At +0000 04:36 PM 8/21/2003, Holger Kiehl wrote:
>On Thu, 21 Aug 2003, Luciano Miguel Ferreira Rocha wrote:
>>On Thu, Aug 21, 2003 at 12:48:05PM +0000, Holger Kiehl wrote:
[snip]
>>>I think md5sum could do the job but, think it is a bit of an overkill to 
>>>generate a 128 Bit checksum for such small input data. Also storing such 
>>>huge numbers is a bit of a pain. Would a 32 or 64 Bit checksum 
>>>sufficient, or would I be running into problems when these are to short?
>>
>>CRC-32 is normally sufficient. It's designed for data corruption on 
>>transmission, though, but it should be OK as long as you don't expect 
>>people to try and break your code with equal checksums.
>
>I am not trying to make anything more secure. Will a CRC-32 be sufficient 
>to always generate a different sum if a single bit changes within the 
>maximum 5120 Bytes?

In general, X bits of storage can take on 2^X distinct values.  So CRC-32 
can take a maximum of  approximately four billion possible values.  That's 
a number with three commas in US notation; I suppose that's twelve periods 
or spaces on your side of the pond.  A 128 bit value can store 
approximately 64 trillion trillion trillion distinct values. That's a 
number with *twelve* commas.  And a 5120 byte file has 40960 bits so it can 
have roughly 1*10^4096 distinct values.  There will always be the 
possibility for duplicate values when you take a checksum on arbitrary data 
longer then the checksum length.

You have to make a tradeoff of how much risk you're willing to accept for a 
duplicate based on how that would affect you.  A 32 bit checksum has a 
*minimum* of one in 4 billion chance of two files sharing the same 
checksum.  For most non-security applications, that's ample.  The same 
possibility exists with 128 bit md5 checksums (or any other hash) but the 
larger the checksum the less often you'll get duplicate checksums for 
different data (assuming comparable quality hash algorithms).

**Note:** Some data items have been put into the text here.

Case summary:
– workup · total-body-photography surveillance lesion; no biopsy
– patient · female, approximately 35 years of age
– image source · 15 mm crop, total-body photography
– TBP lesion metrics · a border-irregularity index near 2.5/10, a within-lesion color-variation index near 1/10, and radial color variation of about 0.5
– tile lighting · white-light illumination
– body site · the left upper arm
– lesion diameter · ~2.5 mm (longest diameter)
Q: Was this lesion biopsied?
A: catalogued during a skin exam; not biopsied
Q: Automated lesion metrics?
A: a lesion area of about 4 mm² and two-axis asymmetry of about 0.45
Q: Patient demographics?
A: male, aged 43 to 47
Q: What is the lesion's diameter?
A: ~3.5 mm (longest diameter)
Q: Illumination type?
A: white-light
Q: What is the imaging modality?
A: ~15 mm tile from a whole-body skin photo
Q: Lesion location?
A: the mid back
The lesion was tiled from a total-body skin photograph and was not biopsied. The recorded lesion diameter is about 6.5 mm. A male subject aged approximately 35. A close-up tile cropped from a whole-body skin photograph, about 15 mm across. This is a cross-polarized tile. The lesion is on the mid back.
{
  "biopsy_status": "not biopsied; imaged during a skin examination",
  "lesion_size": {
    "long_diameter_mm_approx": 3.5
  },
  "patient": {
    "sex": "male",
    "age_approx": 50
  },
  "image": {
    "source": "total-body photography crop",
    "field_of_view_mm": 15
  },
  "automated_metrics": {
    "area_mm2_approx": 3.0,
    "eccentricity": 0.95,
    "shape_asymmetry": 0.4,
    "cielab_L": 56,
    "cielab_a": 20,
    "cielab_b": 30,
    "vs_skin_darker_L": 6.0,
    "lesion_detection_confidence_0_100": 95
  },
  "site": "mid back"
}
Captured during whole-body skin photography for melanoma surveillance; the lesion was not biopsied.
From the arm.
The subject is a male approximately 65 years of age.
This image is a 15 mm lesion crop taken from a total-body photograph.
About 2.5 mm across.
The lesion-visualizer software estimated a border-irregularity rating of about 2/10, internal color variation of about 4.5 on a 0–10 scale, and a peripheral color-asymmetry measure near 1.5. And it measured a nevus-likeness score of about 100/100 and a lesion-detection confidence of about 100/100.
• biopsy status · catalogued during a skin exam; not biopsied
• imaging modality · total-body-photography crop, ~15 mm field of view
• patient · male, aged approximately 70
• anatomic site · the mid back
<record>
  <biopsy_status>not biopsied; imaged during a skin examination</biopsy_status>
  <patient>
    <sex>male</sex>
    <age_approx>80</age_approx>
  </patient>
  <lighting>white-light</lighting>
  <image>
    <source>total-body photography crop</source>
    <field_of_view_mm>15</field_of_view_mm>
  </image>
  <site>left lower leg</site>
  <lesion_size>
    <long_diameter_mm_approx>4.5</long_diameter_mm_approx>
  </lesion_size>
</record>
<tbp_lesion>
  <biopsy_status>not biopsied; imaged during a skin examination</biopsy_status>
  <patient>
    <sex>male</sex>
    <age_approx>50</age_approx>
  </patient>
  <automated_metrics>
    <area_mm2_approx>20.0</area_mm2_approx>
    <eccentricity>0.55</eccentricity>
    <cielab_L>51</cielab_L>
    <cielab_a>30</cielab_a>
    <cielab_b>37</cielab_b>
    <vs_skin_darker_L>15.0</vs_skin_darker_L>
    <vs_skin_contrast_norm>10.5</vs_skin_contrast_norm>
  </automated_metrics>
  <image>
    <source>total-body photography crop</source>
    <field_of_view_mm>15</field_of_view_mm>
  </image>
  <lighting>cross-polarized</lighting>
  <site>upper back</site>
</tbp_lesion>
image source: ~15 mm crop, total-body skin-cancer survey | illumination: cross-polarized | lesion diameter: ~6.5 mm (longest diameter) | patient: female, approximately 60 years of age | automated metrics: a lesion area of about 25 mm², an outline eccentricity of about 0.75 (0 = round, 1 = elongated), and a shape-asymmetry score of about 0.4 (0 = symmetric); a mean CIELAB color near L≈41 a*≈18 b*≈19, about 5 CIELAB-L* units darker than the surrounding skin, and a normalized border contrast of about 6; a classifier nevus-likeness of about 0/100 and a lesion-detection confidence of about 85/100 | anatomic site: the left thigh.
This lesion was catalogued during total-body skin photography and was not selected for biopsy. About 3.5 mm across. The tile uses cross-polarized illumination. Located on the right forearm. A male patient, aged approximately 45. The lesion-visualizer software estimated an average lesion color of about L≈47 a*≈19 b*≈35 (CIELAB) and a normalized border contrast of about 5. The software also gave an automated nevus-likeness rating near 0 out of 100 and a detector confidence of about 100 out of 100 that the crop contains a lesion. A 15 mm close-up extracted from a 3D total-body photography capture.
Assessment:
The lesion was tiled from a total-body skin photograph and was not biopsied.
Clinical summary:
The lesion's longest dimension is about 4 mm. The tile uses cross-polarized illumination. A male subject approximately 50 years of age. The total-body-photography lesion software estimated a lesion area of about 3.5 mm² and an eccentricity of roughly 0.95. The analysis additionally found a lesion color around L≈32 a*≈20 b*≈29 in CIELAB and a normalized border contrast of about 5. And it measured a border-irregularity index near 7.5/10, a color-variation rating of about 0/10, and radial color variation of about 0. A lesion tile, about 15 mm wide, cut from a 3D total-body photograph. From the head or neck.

One way to make such use of checksums fail-safe is to use the checksum as 
proof that files are different but not as proof they are the same.  When 
the checksum matches you don't really know the files are the same unless 
their contents are actually the same and once every four billion times you 
probably can afford to go check if it's really critical to know for certain.

--
Jeff Woods <kazrak+kernel@cesmail.net>